CO — “The Vail Corporation, which operates ski resorts in Vail and Keystone, Colo., will pay $80,000 and furnish other relief to settle a religious and gender discrimination lawsuit filed by the U.S. Equal Employment Opportunity Commission (EEOC), the agency announced today.  According to the EEOC’s lawsuit, EEOC v. The Vail Corporation, 07-cv-02035-REB-KLM, [Plaintiff], an emergency services supervisor at the Keystone Resort, was subjected to harassment based on her Christian religion and her sex, denied religious accommodation and treated less favorably than her male colleagues. The EEOC said that Cornwell’s supervisor, . . . , forbade her and another Christian employee from even discussing their Christian beliefs with one another while at work, and would not allow them to listen to Christian music while on duty, because it might offend other employees, but had no similar restrictions on music with profanity or lyrics promoting violence against women, which were offensive to [Plaintiff].

Additionally, according to the EEOC, [the supervisor] ridiculed [Plaintiff] for asking for scheduling accommodation so that she could attend her preferred religious services, and denied her requests while scheduling lower ranking officers for the shifts she requested. Also, [the supervisor] created and tolerated a sexually hostile work environment where he and other male employees made offensive sexual comments and jokes in the workplace, the EEOC alleged.

[Plaintiff] complained to various Keystone managers and human resource staff about the harassment and being scheduled to miss her religious services on Sundays, but no action was taken to resolve the problems. EEOC alleged that [Plaintiff] was fired in retaliation for her last complaint, made less than ten days before her termination.”
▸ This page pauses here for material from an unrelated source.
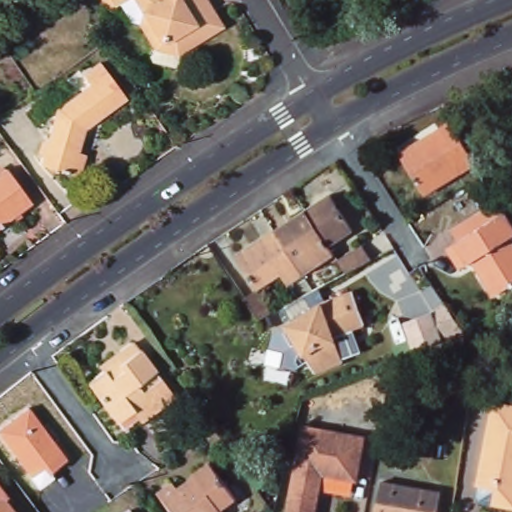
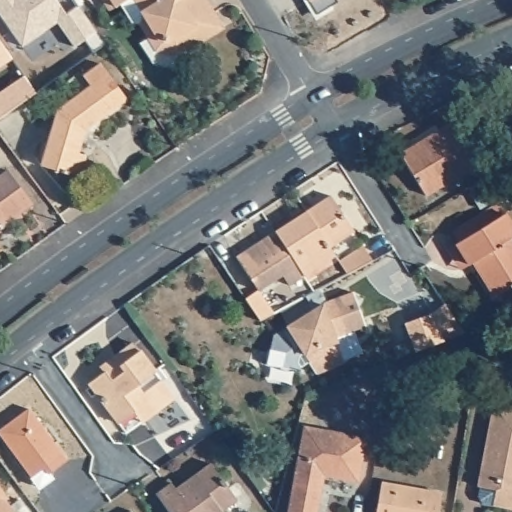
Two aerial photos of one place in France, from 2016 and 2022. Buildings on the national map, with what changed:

CA — “The California State University System (CSUS) has agreed to settle an age discrimination suit filed by the U.S. Equal Employment Opportunity Commission (EEOC) on behalf of a longtime San Francisco State University Lecturer for $50,000 and other relief, the agency announced today.  This settlement resolved the EEOC’s lawsuit charging that the state’s largest university system discriminated against [Plaintiff] because of his age. [Plaintiff] was age 61 in the spring of 2004 when he applied for an assistant professor position in the Black Studies Department of the College of Ethnic Studies at SFSU. He had taught there as a lecturer for more than 15 years. The EEOC’s investigation showed that despite over 30 years of teaching experience at various Bay Area colleges and universities and a Ph.D. from Stanford in 1976, [Plaintiff] was passed over for a much younger candidate who had not yet received his Ph.D., a requirement for the position.”